The projections 11 are created by a cold shaping step of the lever body 2 made of sheet metal, and FIGS. 5 and 6 show the result of this shaping step. FIG. 5 shows a view of the closed side of the joint socket 6 with two stampings 13 directed toward the opening of the joint socket 6 and made in the material delimiting the joint socket 6. FIG. 6 shows in a cross-sectional view through the joint socket 6, the projections 11 generated on the joint socket 6 through the stampings 13.

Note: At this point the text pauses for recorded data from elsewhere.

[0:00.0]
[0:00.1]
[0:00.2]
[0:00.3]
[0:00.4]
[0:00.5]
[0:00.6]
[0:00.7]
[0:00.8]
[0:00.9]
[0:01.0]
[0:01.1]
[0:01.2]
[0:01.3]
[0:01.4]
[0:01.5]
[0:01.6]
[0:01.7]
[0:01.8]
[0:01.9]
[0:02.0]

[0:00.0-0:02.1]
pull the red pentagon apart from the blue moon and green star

LIST OF REFERENCE NUMERALS

- 1 Valve lever/finger lever
- 2 Lever body
- 3 Gas exchange valve
- 4 Roller
- 5 Cam
- 6 Joint socket
- 7 Joint head
- 8 Support element
- 9 Retention clip
- 10 Annular groove/recess
- 11 Projection
- 12 Flattened region
- 13 Stamping
- S1 Inner spacing of the projections
- S2 Largest diameter of the joint head
- S3 Outer spacing of the flattened regions

Claims

1. A structural unit for a gas exchange valve train of an internal combustion engine, said structural unit comprising a support element comprising a joint head and a valve lever comprising a joint socket which, together with the joint head, forms a joint for a pivotal mounting of the valve lever on the support element, said structural unit further comprising an anti-loss device arranged on the joint, said anti-loss device comprising one or more projections extending from an opening of the joint socket while being directed toward a center of the joint socket, which projections retain the valve lever secure against loss on the support element through a positive-engagement behind a recess situated axially adjacent to the joint head, wherein the projections are configured in one piece with the joint socket.

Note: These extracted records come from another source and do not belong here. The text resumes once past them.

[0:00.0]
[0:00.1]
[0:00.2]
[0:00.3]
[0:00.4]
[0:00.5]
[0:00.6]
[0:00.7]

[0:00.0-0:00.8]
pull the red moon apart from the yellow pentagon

2. A structural unit according to claim 1, wherein the valve lever comprises a lever body shaped out of sheet metal, each of the projections being integrally formed on the lever body by an embossing or a stamping of material delimiting the joint socket and said projections being directed toward the opening of the joint socket.

3. A structural unit according to claim 1, wherein the two projections are offset at 180° from each other.

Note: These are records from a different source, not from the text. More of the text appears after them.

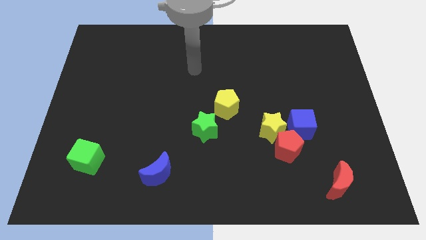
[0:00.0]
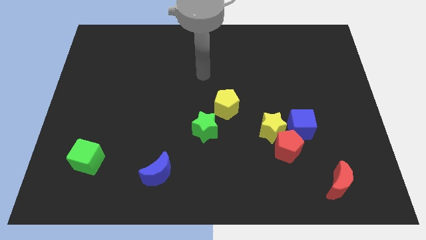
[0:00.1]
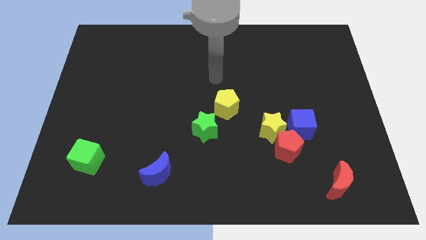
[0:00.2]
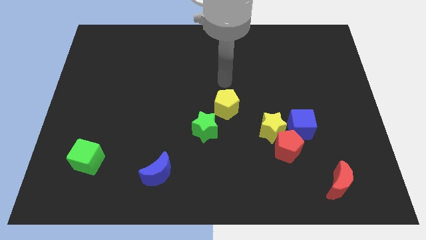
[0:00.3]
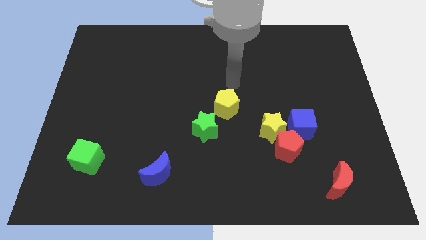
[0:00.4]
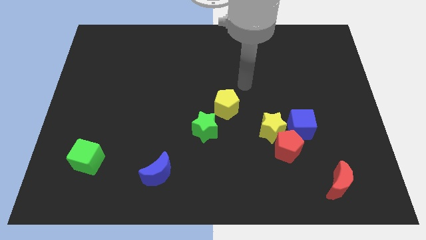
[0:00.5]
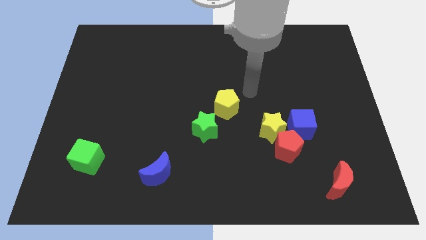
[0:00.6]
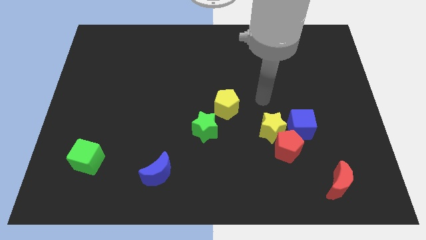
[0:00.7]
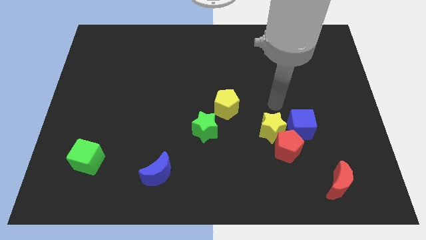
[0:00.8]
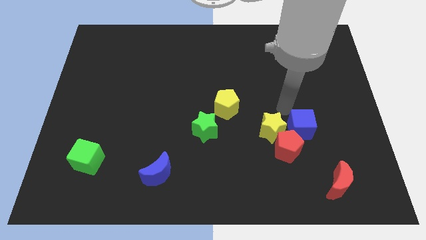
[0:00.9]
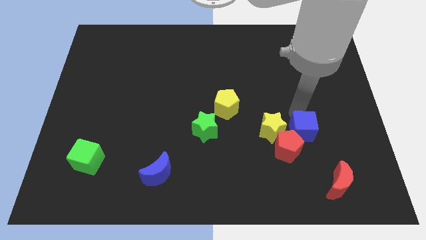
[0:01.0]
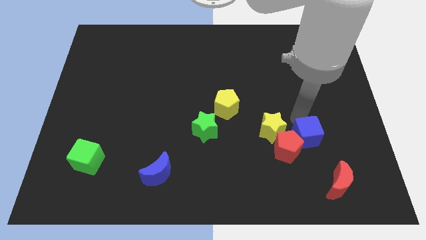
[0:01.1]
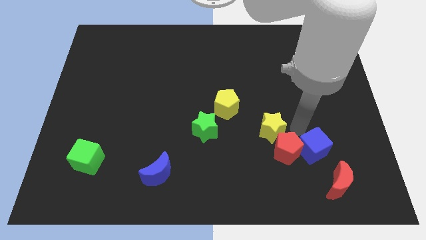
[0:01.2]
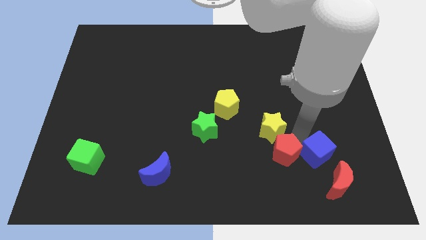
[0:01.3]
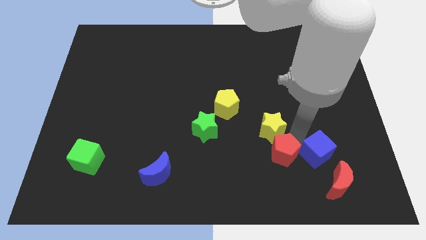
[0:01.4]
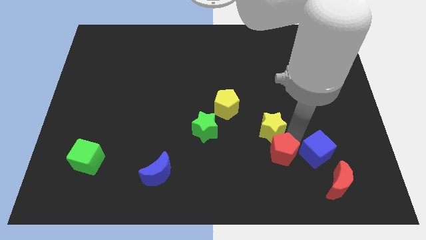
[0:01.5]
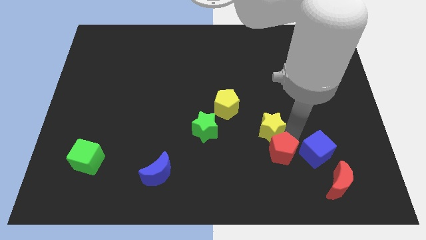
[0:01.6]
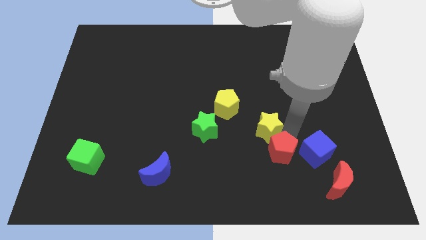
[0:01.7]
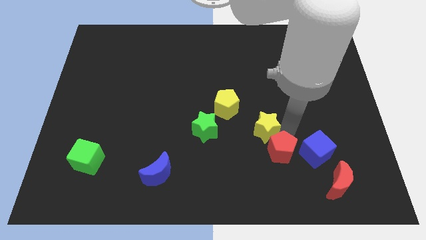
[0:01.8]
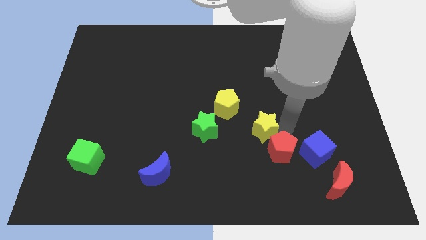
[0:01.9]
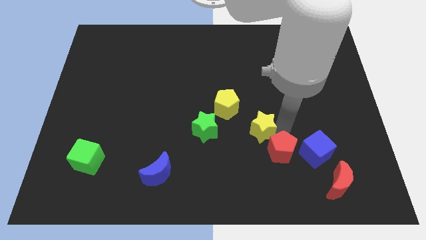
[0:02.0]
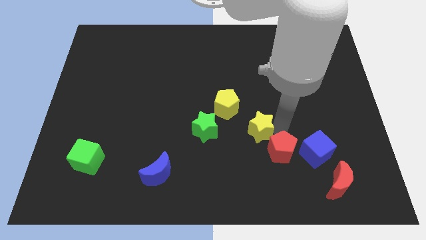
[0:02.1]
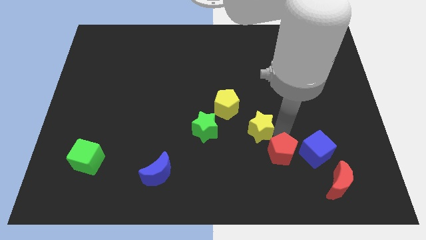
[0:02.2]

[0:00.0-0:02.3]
separate the yellow star from the red pentagon and blue cube

4. A structural unit according to claim 3, wherein a connecting line of the projections extends at right angles to a plane of pivoting of the valve lever.

5. A structural unit according to claim 1, wherein, at a transition to the recess configured as a circumferential undercut, the joint head is completely circular in shape, an inner spacing (S1) of the projections being smaller than a largest diameter (S2) of the joint head while being dimensioned such that the projections are elastically resilient relative to the joint head at the largest diameter (S2) of the joint head.

6. A structural unit according to claim 1, wherein, at a transition to the recess, the joint head is circular in shape and comprises flattened regions complementary in shape to the projections, an inner spacing (S1) of the projections being smaller than a largest diameter (S2) of the joint head and substantially equal to or larger than an outer spacing (S3) of the flattened regions.